── Information given ──

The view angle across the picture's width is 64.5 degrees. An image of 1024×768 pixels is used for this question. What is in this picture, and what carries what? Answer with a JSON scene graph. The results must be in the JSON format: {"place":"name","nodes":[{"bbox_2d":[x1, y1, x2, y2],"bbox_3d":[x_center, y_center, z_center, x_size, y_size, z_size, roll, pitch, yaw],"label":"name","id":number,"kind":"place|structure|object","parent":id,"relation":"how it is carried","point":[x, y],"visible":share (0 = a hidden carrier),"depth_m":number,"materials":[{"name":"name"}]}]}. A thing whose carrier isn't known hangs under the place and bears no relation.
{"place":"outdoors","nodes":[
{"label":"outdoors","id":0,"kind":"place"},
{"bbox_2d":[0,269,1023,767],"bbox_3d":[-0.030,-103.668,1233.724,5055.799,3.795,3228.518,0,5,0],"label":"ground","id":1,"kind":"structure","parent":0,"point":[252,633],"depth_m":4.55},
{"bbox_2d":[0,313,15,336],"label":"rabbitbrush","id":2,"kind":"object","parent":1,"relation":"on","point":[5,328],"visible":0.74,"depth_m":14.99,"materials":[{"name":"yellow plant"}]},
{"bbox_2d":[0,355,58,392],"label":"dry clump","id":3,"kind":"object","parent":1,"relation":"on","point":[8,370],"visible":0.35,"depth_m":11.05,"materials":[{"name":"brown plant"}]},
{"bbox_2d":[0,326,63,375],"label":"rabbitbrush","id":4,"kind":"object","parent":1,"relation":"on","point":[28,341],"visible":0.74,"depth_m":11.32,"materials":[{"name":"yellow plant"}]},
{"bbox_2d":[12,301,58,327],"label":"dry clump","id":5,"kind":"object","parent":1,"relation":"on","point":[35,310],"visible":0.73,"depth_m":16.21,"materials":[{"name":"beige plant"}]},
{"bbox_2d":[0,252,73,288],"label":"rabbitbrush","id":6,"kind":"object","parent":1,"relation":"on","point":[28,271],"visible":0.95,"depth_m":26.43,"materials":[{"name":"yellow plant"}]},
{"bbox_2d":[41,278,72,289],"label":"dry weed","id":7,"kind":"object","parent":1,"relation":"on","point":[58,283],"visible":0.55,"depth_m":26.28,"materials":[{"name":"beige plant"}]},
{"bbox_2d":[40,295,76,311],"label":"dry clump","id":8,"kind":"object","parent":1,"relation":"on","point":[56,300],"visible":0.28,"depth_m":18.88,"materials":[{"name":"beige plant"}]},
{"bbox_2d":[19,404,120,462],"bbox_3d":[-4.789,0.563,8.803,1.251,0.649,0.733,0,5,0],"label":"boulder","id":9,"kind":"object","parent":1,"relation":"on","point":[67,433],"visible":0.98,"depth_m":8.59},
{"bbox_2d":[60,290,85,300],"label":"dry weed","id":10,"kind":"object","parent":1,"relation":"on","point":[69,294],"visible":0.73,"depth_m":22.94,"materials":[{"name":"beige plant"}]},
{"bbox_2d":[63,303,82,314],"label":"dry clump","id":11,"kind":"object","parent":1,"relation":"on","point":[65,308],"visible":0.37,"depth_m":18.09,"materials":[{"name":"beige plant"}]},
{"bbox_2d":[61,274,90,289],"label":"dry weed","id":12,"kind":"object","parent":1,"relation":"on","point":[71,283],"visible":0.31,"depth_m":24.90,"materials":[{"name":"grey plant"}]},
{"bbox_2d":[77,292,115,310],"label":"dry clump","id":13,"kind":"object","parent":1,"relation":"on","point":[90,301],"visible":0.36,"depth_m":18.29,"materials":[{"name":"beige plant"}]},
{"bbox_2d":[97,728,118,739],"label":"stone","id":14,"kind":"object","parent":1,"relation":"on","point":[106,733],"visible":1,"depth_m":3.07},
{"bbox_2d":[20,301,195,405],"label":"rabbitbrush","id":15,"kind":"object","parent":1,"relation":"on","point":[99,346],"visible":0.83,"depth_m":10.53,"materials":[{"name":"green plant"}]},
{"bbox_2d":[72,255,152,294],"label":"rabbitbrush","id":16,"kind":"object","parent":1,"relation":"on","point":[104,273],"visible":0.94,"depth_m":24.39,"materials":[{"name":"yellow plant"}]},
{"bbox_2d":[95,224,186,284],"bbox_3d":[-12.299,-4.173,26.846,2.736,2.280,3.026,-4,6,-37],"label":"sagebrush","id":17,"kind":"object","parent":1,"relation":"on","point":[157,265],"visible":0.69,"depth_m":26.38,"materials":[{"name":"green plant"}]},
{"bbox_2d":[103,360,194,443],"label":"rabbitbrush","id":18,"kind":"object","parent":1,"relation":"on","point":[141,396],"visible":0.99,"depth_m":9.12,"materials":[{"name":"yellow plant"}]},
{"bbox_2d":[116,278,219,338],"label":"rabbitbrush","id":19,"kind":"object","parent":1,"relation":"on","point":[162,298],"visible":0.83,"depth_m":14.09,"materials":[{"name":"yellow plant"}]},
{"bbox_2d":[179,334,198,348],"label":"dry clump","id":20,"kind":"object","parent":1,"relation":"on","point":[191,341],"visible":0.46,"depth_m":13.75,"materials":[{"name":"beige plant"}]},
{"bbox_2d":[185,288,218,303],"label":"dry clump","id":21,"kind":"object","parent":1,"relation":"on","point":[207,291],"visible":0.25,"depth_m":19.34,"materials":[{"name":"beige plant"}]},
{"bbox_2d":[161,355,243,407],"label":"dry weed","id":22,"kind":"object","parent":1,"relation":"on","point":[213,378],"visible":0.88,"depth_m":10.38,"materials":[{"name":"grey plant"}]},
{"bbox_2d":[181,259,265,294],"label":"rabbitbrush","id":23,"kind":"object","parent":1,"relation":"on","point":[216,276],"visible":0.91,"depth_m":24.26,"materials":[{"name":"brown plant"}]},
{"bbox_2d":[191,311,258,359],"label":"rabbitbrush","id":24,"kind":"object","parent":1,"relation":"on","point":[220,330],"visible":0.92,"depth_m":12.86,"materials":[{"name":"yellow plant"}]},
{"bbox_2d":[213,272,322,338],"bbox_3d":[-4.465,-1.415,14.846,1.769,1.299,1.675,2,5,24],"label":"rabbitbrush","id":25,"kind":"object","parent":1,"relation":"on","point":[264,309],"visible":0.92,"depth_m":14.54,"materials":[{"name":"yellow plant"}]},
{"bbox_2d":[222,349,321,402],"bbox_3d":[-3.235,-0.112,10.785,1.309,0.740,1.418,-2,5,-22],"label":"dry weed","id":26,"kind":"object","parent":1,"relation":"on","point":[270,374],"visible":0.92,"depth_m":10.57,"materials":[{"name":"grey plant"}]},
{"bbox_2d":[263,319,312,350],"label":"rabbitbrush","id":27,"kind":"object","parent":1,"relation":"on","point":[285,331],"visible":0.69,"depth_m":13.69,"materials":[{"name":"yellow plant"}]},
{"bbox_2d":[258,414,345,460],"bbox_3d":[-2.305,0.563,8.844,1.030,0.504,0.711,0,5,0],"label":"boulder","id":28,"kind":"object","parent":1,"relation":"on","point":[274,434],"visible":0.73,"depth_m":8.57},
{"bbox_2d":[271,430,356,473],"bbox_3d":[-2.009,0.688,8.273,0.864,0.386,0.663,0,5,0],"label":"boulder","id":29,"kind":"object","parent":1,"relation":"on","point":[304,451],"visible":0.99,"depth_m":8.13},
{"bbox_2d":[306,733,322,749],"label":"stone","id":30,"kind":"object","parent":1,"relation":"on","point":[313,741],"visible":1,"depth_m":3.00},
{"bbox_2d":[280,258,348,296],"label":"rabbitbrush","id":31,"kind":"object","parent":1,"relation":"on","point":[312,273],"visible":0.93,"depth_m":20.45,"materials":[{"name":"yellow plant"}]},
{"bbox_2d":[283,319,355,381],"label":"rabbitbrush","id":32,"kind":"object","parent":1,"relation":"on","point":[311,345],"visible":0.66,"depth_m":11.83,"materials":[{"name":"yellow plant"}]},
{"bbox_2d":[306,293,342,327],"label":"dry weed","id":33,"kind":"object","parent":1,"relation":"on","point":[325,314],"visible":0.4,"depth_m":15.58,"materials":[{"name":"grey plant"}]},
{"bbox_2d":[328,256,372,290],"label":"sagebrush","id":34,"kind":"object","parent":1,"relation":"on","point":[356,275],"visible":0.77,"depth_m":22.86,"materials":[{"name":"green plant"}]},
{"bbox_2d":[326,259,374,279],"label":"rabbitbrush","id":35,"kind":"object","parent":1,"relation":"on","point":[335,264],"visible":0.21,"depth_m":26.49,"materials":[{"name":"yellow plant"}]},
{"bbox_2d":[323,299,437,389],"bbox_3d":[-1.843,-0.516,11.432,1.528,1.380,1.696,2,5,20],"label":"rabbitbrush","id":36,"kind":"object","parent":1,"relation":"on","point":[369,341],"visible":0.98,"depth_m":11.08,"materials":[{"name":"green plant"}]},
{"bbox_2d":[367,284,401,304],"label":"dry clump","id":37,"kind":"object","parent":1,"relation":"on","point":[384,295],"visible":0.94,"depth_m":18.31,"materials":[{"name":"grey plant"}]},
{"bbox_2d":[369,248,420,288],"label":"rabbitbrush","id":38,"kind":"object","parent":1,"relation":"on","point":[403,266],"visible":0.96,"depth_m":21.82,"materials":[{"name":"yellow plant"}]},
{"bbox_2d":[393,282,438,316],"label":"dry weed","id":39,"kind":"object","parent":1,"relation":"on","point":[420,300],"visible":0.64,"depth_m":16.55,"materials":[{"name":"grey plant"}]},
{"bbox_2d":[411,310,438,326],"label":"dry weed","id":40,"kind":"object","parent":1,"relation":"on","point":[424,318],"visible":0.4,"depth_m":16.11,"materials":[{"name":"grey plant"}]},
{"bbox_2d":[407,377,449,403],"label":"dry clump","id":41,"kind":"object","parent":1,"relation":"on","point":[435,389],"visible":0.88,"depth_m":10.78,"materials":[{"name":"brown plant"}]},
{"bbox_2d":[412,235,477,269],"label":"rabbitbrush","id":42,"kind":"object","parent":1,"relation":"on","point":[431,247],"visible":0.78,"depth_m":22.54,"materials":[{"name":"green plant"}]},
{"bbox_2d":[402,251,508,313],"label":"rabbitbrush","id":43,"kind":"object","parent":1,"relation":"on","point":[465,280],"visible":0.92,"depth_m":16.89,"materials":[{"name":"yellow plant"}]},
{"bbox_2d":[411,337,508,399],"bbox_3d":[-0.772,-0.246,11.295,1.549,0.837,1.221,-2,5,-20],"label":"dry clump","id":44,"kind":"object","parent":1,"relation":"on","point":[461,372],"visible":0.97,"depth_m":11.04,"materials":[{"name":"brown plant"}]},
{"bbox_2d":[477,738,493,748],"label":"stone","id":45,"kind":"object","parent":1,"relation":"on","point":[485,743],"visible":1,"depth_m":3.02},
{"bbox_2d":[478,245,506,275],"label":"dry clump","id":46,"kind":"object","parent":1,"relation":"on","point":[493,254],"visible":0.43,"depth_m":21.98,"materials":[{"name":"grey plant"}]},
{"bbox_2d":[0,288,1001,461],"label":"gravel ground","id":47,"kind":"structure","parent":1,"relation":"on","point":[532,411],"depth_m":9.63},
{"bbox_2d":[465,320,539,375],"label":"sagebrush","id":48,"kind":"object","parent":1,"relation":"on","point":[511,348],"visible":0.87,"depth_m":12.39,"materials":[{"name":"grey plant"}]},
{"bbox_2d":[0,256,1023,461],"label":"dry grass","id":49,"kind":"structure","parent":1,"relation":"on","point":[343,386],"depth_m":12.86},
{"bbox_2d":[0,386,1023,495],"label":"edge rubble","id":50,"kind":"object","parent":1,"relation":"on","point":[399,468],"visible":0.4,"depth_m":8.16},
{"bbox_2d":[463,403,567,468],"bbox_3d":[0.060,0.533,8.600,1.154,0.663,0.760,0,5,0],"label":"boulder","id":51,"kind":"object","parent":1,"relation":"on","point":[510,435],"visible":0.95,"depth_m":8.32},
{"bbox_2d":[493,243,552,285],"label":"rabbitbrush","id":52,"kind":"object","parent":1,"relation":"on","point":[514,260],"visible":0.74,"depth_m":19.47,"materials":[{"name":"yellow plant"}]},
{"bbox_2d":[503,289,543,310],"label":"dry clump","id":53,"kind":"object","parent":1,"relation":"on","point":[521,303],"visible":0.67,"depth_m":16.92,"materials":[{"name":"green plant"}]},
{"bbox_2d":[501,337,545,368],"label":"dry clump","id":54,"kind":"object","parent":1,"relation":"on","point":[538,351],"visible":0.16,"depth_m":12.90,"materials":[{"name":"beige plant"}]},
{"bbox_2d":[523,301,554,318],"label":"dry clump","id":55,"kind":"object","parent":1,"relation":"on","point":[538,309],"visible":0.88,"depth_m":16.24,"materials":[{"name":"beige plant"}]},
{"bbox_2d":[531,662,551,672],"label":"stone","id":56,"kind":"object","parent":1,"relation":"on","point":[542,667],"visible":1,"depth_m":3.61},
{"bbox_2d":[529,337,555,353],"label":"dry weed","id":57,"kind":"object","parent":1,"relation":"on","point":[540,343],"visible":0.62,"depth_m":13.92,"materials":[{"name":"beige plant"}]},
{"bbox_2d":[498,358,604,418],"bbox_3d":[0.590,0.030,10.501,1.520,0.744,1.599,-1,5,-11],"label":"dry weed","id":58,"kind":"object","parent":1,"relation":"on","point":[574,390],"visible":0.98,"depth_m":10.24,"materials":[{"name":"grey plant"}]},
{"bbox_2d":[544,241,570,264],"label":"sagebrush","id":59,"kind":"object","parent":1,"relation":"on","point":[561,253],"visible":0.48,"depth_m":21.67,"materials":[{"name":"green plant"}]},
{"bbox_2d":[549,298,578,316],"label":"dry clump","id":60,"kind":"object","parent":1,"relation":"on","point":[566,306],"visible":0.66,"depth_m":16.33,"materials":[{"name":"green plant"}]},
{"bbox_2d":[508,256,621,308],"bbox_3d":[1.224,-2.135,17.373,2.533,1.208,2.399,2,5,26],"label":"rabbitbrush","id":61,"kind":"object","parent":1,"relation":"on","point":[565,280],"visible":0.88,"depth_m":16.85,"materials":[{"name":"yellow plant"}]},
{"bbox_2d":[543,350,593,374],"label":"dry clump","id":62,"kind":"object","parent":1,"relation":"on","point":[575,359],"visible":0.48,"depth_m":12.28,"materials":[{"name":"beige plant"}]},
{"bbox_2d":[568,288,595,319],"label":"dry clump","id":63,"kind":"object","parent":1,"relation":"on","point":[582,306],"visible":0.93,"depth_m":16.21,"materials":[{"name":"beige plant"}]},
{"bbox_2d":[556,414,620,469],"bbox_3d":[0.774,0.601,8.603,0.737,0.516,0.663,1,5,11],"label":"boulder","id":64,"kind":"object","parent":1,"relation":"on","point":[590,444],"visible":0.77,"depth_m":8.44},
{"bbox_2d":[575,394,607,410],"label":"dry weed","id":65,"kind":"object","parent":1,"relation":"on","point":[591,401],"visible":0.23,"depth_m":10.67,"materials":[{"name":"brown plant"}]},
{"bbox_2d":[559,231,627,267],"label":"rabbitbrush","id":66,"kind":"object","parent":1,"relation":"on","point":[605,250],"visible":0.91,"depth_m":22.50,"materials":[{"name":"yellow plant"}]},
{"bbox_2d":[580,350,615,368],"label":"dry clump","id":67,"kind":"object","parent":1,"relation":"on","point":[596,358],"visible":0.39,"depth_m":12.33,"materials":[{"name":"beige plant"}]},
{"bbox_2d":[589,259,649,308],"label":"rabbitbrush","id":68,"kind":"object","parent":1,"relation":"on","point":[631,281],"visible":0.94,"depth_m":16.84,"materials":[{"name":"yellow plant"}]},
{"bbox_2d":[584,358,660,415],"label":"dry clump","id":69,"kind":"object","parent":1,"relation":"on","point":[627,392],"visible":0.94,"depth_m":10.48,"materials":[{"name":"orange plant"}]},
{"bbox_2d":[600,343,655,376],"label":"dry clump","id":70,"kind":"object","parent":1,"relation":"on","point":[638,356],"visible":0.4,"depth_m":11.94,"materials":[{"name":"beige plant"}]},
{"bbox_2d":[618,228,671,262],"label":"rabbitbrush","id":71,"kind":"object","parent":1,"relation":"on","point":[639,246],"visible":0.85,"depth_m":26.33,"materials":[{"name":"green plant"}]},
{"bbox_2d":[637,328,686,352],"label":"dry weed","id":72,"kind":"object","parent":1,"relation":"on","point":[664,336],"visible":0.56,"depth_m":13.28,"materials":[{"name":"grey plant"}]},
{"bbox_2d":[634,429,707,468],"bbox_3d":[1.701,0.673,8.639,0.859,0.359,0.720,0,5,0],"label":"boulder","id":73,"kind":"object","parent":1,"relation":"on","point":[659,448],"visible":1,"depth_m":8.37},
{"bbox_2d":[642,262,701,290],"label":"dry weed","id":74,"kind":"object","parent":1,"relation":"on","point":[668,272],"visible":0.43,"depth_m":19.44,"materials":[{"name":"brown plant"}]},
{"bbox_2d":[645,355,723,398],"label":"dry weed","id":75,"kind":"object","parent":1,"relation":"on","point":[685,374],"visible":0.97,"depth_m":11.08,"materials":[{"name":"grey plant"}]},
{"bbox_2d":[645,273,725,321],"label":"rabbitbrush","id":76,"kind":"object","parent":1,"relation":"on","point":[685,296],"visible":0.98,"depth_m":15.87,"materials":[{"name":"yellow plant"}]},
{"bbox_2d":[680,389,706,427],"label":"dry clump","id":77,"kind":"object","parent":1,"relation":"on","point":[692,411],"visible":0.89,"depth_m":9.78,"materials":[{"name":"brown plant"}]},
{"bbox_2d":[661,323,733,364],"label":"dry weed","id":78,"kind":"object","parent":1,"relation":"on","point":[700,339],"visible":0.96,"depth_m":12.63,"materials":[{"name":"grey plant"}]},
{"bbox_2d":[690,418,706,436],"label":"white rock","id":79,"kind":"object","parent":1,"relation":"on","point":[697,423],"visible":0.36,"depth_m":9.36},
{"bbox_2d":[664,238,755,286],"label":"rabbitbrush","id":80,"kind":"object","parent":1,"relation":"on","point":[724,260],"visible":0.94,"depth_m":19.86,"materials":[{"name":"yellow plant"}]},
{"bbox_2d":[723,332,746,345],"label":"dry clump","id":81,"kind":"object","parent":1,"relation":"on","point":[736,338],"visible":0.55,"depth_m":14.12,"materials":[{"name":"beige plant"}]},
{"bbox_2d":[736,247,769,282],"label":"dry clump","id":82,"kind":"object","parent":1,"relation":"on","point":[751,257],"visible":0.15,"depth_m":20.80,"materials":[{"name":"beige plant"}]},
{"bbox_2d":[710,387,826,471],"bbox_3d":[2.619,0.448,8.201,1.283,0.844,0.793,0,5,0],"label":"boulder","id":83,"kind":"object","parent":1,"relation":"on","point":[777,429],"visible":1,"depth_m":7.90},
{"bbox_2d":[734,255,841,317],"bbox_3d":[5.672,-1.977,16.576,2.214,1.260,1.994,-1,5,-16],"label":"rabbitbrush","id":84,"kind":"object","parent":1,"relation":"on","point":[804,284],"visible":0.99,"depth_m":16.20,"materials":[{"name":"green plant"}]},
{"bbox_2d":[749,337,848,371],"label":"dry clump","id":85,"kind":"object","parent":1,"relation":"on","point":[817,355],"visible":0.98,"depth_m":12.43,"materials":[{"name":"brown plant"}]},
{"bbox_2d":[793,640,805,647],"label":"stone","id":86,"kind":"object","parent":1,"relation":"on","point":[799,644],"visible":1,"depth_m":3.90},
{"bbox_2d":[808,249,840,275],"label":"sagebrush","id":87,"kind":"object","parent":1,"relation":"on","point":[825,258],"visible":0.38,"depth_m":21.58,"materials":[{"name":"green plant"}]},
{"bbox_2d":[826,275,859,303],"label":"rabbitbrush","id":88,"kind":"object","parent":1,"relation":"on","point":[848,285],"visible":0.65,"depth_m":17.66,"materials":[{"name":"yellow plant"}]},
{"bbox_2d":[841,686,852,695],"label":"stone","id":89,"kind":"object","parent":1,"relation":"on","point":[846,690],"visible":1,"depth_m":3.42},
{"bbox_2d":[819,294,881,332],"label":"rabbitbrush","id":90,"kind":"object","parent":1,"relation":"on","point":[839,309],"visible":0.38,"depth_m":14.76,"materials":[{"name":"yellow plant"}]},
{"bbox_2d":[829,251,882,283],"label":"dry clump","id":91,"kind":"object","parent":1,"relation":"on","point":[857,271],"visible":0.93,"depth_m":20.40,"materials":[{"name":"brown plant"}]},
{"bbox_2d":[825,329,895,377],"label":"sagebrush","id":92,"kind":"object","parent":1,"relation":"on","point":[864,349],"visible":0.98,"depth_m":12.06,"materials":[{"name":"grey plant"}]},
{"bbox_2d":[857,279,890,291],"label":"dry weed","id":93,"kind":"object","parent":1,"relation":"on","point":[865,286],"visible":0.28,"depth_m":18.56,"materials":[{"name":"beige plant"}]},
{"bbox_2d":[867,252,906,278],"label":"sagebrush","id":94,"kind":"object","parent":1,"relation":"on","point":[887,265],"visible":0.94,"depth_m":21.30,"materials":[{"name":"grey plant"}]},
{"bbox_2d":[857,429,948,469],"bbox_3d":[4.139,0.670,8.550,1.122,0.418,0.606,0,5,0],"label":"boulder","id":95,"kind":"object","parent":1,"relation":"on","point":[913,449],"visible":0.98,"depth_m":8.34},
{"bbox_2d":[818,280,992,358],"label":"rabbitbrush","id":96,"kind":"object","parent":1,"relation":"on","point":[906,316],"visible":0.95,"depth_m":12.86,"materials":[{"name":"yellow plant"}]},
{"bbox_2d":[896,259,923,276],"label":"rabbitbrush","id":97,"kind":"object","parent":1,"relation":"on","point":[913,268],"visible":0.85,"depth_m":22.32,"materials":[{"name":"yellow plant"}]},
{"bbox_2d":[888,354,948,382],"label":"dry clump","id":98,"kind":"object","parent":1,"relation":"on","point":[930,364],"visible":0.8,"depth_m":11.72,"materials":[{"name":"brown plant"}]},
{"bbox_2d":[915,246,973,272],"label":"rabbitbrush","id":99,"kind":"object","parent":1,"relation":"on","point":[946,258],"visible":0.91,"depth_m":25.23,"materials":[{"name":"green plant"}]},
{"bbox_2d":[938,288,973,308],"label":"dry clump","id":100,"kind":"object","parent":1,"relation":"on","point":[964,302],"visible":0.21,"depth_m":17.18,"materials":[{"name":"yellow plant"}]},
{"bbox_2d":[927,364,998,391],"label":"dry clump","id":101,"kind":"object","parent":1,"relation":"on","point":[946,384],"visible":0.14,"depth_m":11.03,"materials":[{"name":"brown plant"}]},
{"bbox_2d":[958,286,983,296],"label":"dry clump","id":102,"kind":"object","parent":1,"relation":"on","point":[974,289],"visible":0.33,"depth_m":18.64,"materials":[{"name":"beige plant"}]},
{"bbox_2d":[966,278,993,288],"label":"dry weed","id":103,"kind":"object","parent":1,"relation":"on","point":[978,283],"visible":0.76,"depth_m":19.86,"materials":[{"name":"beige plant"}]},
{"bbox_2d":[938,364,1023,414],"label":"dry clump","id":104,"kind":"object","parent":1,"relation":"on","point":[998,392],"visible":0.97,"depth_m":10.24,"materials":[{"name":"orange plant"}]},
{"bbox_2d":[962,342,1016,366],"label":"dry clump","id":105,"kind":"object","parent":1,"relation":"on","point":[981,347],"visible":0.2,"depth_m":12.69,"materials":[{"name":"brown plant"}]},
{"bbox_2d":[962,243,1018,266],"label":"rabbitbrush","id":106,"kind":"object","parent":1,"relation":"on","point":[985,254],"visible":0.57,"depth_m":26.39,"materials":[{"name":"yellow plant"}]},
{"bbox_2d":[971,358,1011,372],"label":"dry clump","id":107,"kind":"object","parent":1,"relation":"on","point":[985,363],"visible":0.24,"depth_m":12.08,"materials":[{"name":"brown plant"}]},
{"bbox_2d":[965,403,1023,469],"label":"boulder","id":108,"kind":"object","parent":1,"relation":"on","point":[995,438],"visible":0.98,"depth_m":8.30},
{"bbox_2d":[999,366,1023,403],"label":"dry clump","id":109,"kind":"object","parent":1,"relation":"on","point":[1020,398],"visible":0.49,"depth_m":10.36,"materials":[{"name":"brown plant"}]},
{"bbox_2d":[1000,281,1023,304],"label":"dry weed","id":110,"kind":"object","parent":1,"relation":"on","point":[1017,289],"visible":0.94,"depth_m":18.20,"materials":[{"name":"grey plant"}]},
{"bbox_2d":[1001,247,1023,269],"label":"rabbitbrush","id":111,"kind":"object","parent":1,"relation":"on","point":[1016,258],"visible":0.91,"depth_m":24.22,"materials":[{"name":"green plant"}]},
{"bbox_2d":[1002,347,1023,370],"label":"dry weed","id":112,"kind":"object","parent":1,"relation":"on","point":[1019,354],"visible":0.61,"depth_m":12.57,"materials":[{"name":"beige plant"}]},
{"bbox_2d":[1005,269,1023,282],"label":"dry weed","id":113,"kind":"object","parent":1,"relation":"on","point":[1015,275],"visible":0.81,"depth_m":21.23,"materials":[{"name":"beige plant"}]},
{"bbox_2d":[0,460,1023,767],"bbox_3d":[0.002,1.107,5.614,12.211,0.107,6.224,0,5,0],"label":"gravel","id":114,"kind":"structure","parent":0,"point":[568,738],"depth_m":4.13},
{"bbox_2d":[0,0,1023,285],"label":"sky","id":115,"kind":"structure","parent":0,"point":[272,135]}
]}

───

**Problem**
Go through the entries above and copy out every line that includes the word "outdoors".

**Answer area**
{"place":"outdoors","nodes":[
{"label":"outdoors","id":0,"kind":"place"},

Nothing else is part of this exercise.